I love that picture of Nissa, she now has 56 votes.


----------



## Nissa Fiona (Nov 4, 2007)

Thanks soooooooo much everyone! xoxo


----------



## LUCY N PETS (Apr 21, 2009)

She now has 57 votes, and I just love :wub: her outfit and bed. I want one just like it for Breeze.


----------



## Canada (Jun 4, 2009)

Muffy just voted for her pal Nissa! She is now at 59! Go Nissa! :Good luck: 
I adore her Zebra/Hot Pink ensemble. Very chic! B)


----------



## Starsmom (Jan 31, 2009)

Make that 58! Great pic, with contrasting colors - HOT PINK, and Zebra stripes - WOW! :biggrin:


----------



## roxybaby22 (Feb 25, 2009)

I voted for her!
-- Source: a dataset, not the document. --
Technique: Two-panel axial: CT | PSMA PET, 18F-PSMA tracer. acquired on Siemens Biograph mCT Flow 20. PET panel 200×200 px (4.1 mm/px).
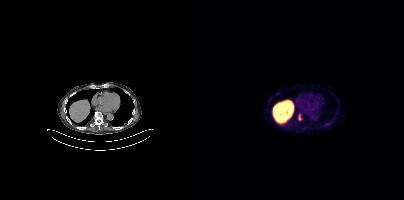
Findings: Coordinates are on the 200×200 PET (right) panel. PSMA-avid tumor lesion bounding box (x0, y0)-(x1, y1): (94, 114)-(97, 120). Small PSMA-avid focus (2 to 4 px across) near (center x, center y): (73, 93).

She is very well coordinated!


----------



## angel's mom (Feb 14, 2007)

Now she's at 63


----------



## anouk (Nov 3, 2006)

Just voted, that pic is a winner for sure!


----------



## I found nemo (Feb 23, 2006)

I just voted! :wub: :biggrin:


----------



## iheartbisou (Feb 13, 2007)

i voted at 51. All the dogs are cute, but honestly Nissa *is* the cutest one up there!


----------



## Maidto2Maltese (Oct 19, 2004)

I just went to vote for today and noticed it didn't 'take" ( was @ 69 and still at 69 after my vote today). I read the rules and see there has to be 12 hours between votes so I'll have to do it again later. I had voted just before 11PM last night according to my post above.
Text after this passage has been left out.